→ BRIEF
All records below must be reproduced exactly, although any pictures they contain are to be omitted.

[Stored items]
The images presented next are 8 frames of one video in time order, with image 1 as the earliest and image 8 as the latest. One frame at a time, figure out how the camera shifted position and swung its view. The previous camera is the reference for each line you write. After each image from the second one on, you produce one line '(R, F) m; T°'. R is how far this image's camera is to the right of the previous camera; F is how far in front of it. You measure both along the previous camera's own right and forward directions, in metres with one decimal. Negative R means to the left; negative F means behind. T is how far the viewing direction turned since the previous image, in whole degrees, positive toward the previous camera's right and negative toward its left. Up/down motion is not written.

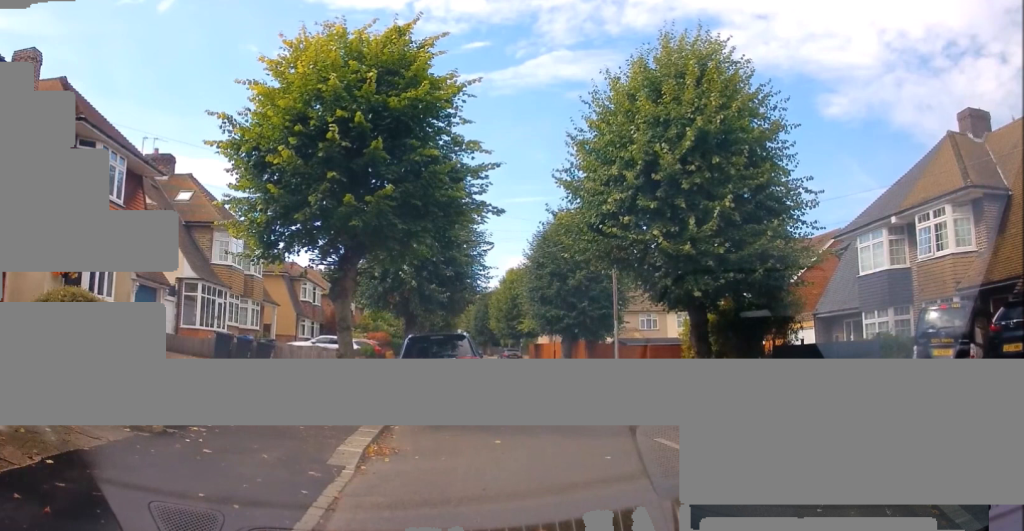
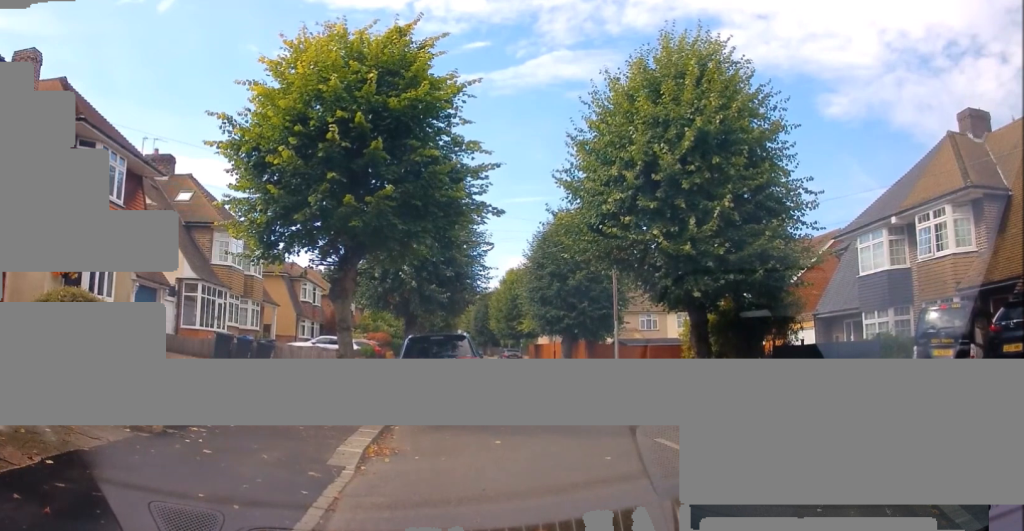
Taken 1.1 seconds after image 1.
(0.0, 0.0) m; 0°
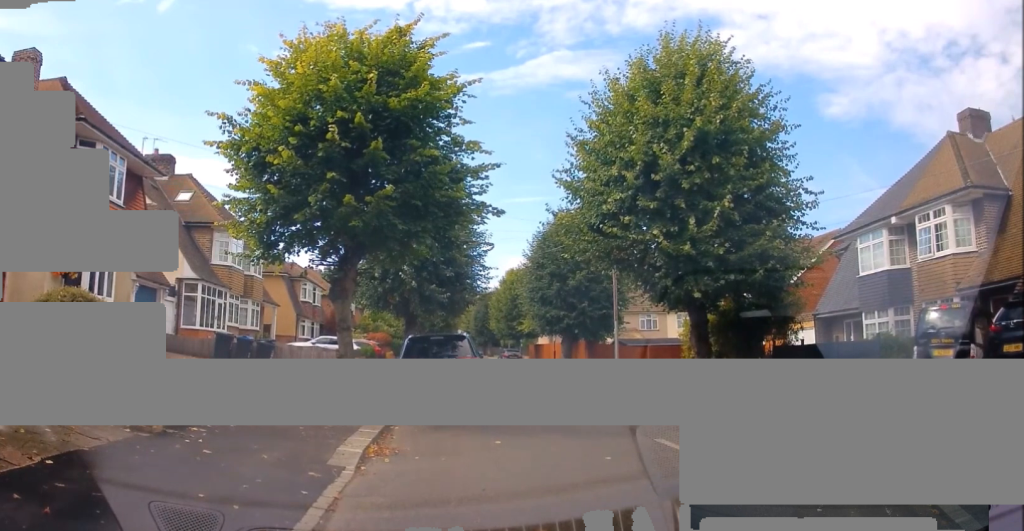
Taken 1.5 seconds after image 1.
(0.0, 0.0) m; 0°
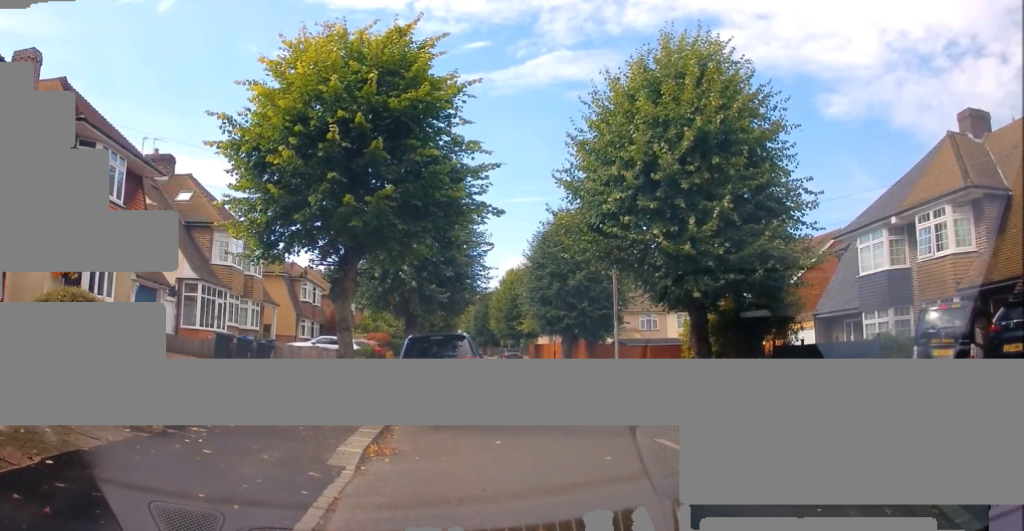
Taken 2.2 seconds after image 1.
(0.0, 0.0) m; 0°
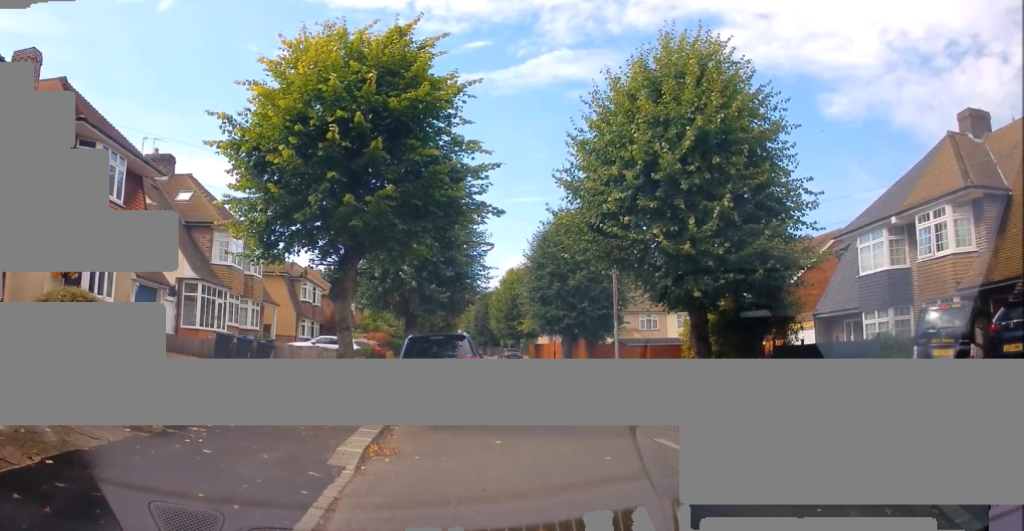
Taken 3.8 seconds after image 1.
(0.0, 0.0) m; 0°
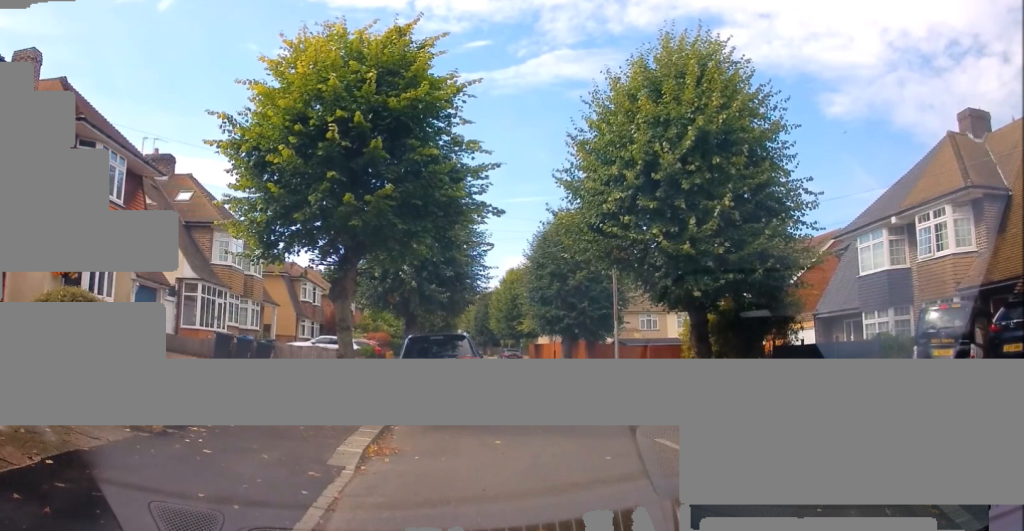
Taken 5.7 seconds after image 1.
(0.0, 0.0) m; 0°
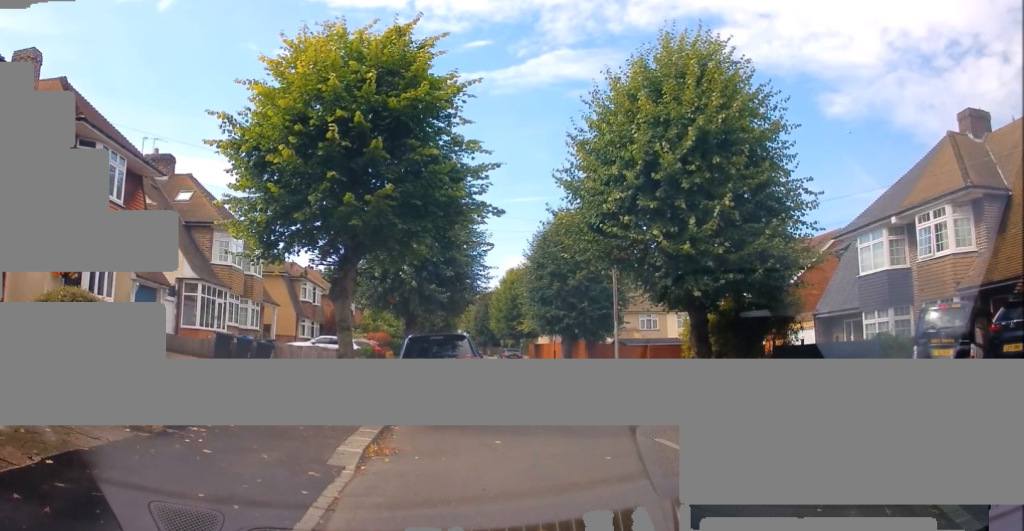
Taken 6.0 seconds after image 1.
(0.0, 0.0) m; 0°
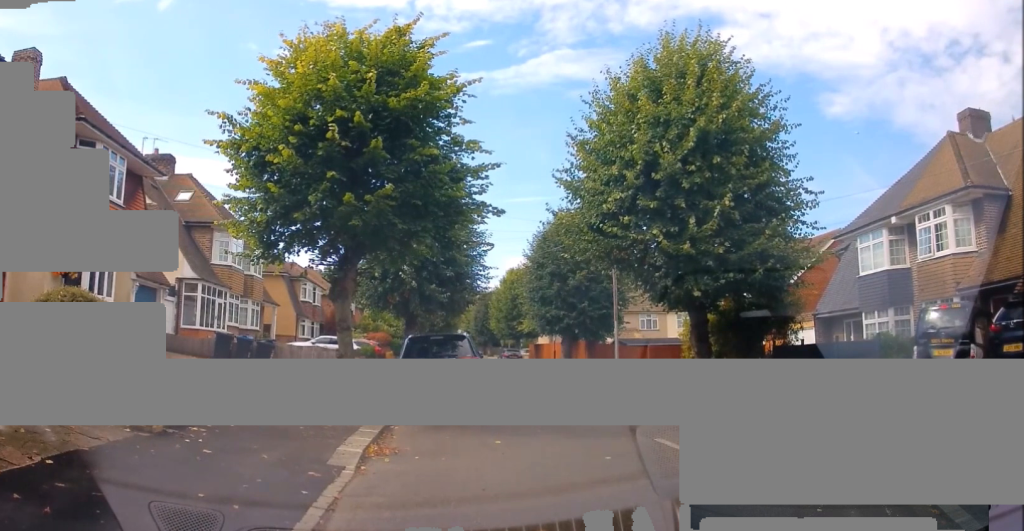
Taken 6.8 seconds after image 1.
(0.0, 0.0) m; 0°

→ SOLUTION TO THE PROBLEM
The images presented next are 8 frames of one video in time order, with image 1 as the earliest and image 8 as the latest. One frame at a time, figure out how the camera shifted position and swung its view. The previous camera is the reference for each line you write. After each image from the second one on, you produce one line '(R, F) m; T°'. R is how far this image's camera is to the right of the previous camera; F is how far in front of it. You measure both along the previous camera's own right and forward directions, in metres with one decimal. Negative R means to the left; negative F means behind. T is how far the viewing direction turned since the previous image, in whole degrees, positive toward the previous camera's right and negative toward its left. Up/down motion is not written.

Taken 1.1 seconds after image 1.
(0.0, 0.0) m; 0°
Taken 1.5 seconds after image 1.
(0.0, 0.0) m; 0°
Taken 2.2 seconds after image 1.
(0.0, 0.0) m; 0°
Taken 3.8 seconds after image 1.
(0.0, 0.0) m; 0°
Taken 5.7 seconds after image 1.
(0.0, 0.0) m; 0°
Taken 6.0 seconds after image 1.
(0.0, 0.0) m; 0°
Taken 6.8 seconds after image 1.
(0.0, 0.0) m; 0°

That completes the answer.